The bill became law on Wednesday, squeaking through parliament just before the summer break.

“Ken Matthews’ interim report recommended a suite of reforms to improve the administration of water compliance and enforcement in NSW, and the passing of today’s Bill delivers on a major component of those recommendations,” Mr Blair said.

“Our timely and transparent response to these issues is a first step towards a more robust management framework for all water users into the future.

 “It’s been a confronting period for water administration in this State but we have wasted no time in making sure we address every recommendation.”

But Labor water spokesman Chris Minns said government had shied away from the Matthews review and had rejected all non-government amendments.

“Niall Blair approaches this legislation like everything else: ‘Just trust us’,” he said.

“No one would suggest we’re tabling radical alternatives. These mirror the recommendations of Ken Matthews almost exactly.”

He wanted a public register of breaches, a parliamentary oversight committee similar to those in place for health and police, as well as requirements for indigenous cultural background and natural resources experience on the new agency’s panel.

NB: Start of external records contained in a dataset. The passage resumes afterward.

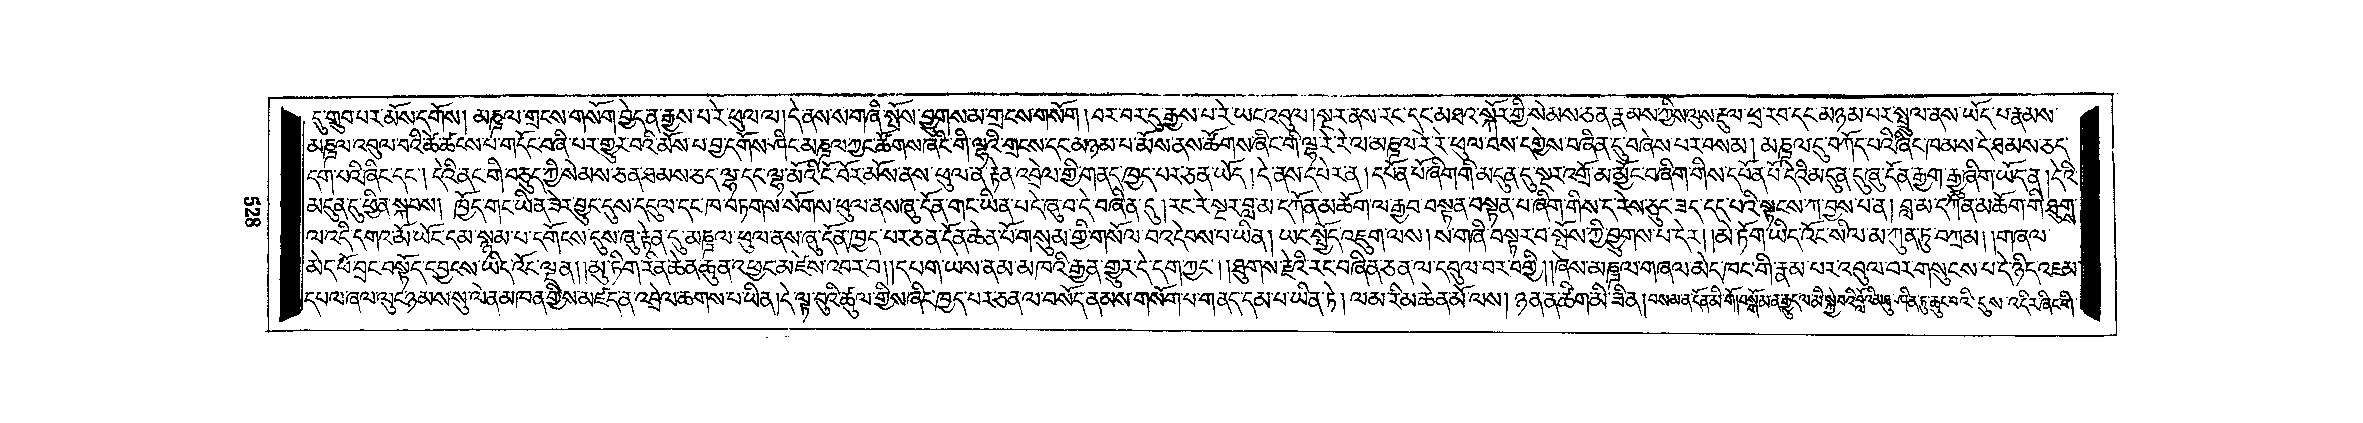དུ་གྲུབ་པར་མོས་དགོས། མཎྜལ་གྲངས་གསོག་བྱེད་ན་རྒྱས་པ་རེ་ཕུལ་ལ། དེ་ནས་ས་གཞི་སྤོས་བྱུགས་མ་གྲངས་གསོག །བར་བར་དུ་རྒྱས་པ་རེ་ཡང་འབུལ། སྔར་ནས་རང་དང་མཐའ་སྐོར་གྱི་སེམས་ཅན་རྣམས་ཀྱིས་ལུས་རྡུལ་ཕྲ་རབ་དང་མཉམ་པར་སྤྲུལ་ནས་ཡོད་པ་རྣམས་
མཎྜལ་འབུལ་བའི་ཚེ་ཚངས་པ་གདོང་བཞི་པར་གྱུར་བའི་མོས་པ་བྱ་དགོས་ཤིང་མཎྜལ་ཀྱང་ཚོགས་ཞིང་གི་ལྷའི་གྲངས་དང་མཉམ་པ་མོས་ནས་ཚོགས་ཞིང་གི་ལྷ་རེ་རེ་ལ་མཎྜལ་རེ་རེ་ཕུལ་བས་དགྱེས་བཞིན་དུ་བཞེས་པར་བསམ། མཎྜལ་དུ་བཀོད་པའི་ཞིང་ཁམས་དེ་ཐམས་ཅད་
དག་པའི་ཞིང་དང་། དེའི་ནང་གི་བཅུད་ཀྱི་སེམས་ཅན་ཐམས་ཅད་ལྷ་དང་ལྷ་མོའི་ངོ་བོར་མོས་ནས་ཕུལ་ན་རྟེན་འབྲེལ་གྱི་གནད་ཁྱད་པར་ཅན་ཡོད། དེ་ནས་དཔེར་ན། དཔོན་པོ་ཞིག་གི་མདུན་དུ་སྔར་འགྲོ་མ་མྱོང་བ་ཞིག་གིས་དཔོན་པོ་དེའི་མདུན་དུ་ཞུ་དོན་རྒྱག་རྒྱུ་ཞིག་ཡོད་ན། དེའི་
མདུན་དུ་ཕྱིན་སྐབས། ཁྱོད་གང་ཡིན་ཟེར་བྱུང་དུས་དངུལ་དང་ཁ་བཏགས་སོགས་ཕུལ་ནས་ཞུ་དོན་གང་ཡིན་པ་དེ་ཞུ་བ་དེ་བཞིན་དུ། རང་རེ་སྔར་བླ་མ་དཀོན་མཆོག་ལ་རྒྱབ་བསྟན་བསྟན་པ་ཞིག་གིས་ད་རེས་ཅུང་ཟད་དད་པའི་སྟངས་ཀ་བྱས་པ་ན། བླ་མ་དཀོན་མཆོག་གི་ཐུགས་
ལ་འདི་དགའ་མོ་ཡོང་དམ་སྙམ་པ་དགོངས་དུས་ཞུ་རྟེན་དུ་མཎྜལ་ཕུལ་ནས་ཞུ་དོན་ཁྱད་པར་ཅན་དོན་ཆེན་པོ་གསུམ་གྱི་གསོལ་བ་འདེབས་པ་ཡིན། ཡང་སྤྱོད་འཇུག་ལས། ས་གཞི་བསྟར་བ་སྤོས་ཀྱི་བྱུགས་པ་དེར། །མེ་ཏོག་ཡིད་འོང་སིལ་མ་ཀུན་ཏུ་བཀྲམ། །གཞལ་
མེད་ཕོ་བྲང་བསྟོད་དབྱངས་ཡིད་འོང་ལྡན། །མུ་ཏིག་རིན་ཆེན་ཆུན་འཕྱང་མཛེས་འབར་བ། །དཔག་ཡས་ནམ་མཁའི་རྒྱན་གྱུར་དེ་དག་ཀྱང་། །ཐུགས་རྗེའི་རང་བཞིན་ཅན་ལ་དབུལ་བར་བགྱི། །ཞེས་མཎྜལ་གཞལ་མེད་ཁང་གི་རྣམ་པར་འབུལ་བར་གསུངས་པ་དེ་ཉིད་འཇམ་
དཔལ་ཞལ་ལུང་ཉམས་སུ་ལེན་མཁན་གྱིས་མཛད་ན་འབྲེལ་ཆགས་པ་ཡིན། དེ་ལྟ་བུའི་ཚུལ་གྱིས་ཞིང་ཁྱད་པར་ཅན་ལ་བསོད་ནམས་གསོག་པ་གནད་དམ་པ་ཡིན་ཏེ། ལམ་རིམ་ཆེན་མོ་ལས། ཉན་ན་ཚིག་མི་ཟིན། བསམ་ན་དོན་མི་གོ །བསྒོམ་ན་རྒྱུད་ལ་མི་སྐྱེ་བའི་བློའི་མཐུ་ཤིན་ཏུ་ཆུང་བའི་དུས་འདིར་ཞིང་གི་

Greens water spokesman Jeremy Buckingham wanted full disclosure of the bureaucracy watchdog’s advice to government.

He said Mr Blair’s reforms did not require independent appointment of experts to the expert panel, but allowed for ministerial appointments. 

“Government has been repeatedly warned that water compliance and enforcement is rotten, yet has turned a blind eye and deliberately hid previous Ombudsman reports from the public.

“The bill leaves responsibility with the Minister and the Department of Primary Industries, thus failing to deal with the conflict of interest identified by Ken Matthews and the Ombudsman.”

Irrigators caught in flood of bad press

IT TOOK a public scandal over alleged water theft, and now a scathing report from the NSW Ombudsman on the state of “disarray” in water management.

But finally there is an end in sight for the game of musical chairs that delivered constant change to the state’s many and varied water agencies.

Irrigating farmers want to get on with their jobs instead of copping increased scrutiny and speculation spurred by the alleged actions of a few people, while government grapples with reform to rebuild public trust.

Irrigating farmers want to get on with their jobs instead of copping increased scrutiny and speculation spurred by the alleged actions of a few people, while government grapples with reform to rebuild public trust.

Regional Water Minister Niall Blair has acted swiftly, referring the allegations to the Independent Commission Against Corruption, instructed Water NSW to address allegations and ordered the independent Matthews Review, which is due to make its final report by November 30.

Yet, as the political storm plays out, producers just want an appropriate solution so everybody can move on.

David Dissegna, “Westlands”, near Griffith, grows stone fruit, olives, rice and sheep.

“Look, I pay all my bills and they’re very expensive and anyone who steals water, that’s a matter for the law, it’s like stealing money, because that’s what it is,” he said.

At Wee Waa, David Phelps, of Havana Farming, "Myola", who irrigates cotton and chickpeas  said the Four Corners program on water use in the Murray Darling has tainted all irrigators – “the overwhelming majority of whom aren't doing anything wrong”.

“The program inferred that cutbacks by the Murray Darling Commission created an advantage for irrigators who were able to sell properties they couldn't sell before. 

“In fact no one knew the value of those properties until the commission announced cut backs and delivered a known value.”

Narromine irrigator, Jodi Browning, Narramine Station, said their system was well regulated and accounting was done quarterly.

“I don’t know, by comparison, how it could go on up there for so long without someone twigging and picking the problem up, if the allegations are correct,” she said.

“It is disappointing that the whole industry had been dragged into this matter. We have been bunched into one group that is seen to be bad, and this is disappointing, as I know we are doing the right thing.”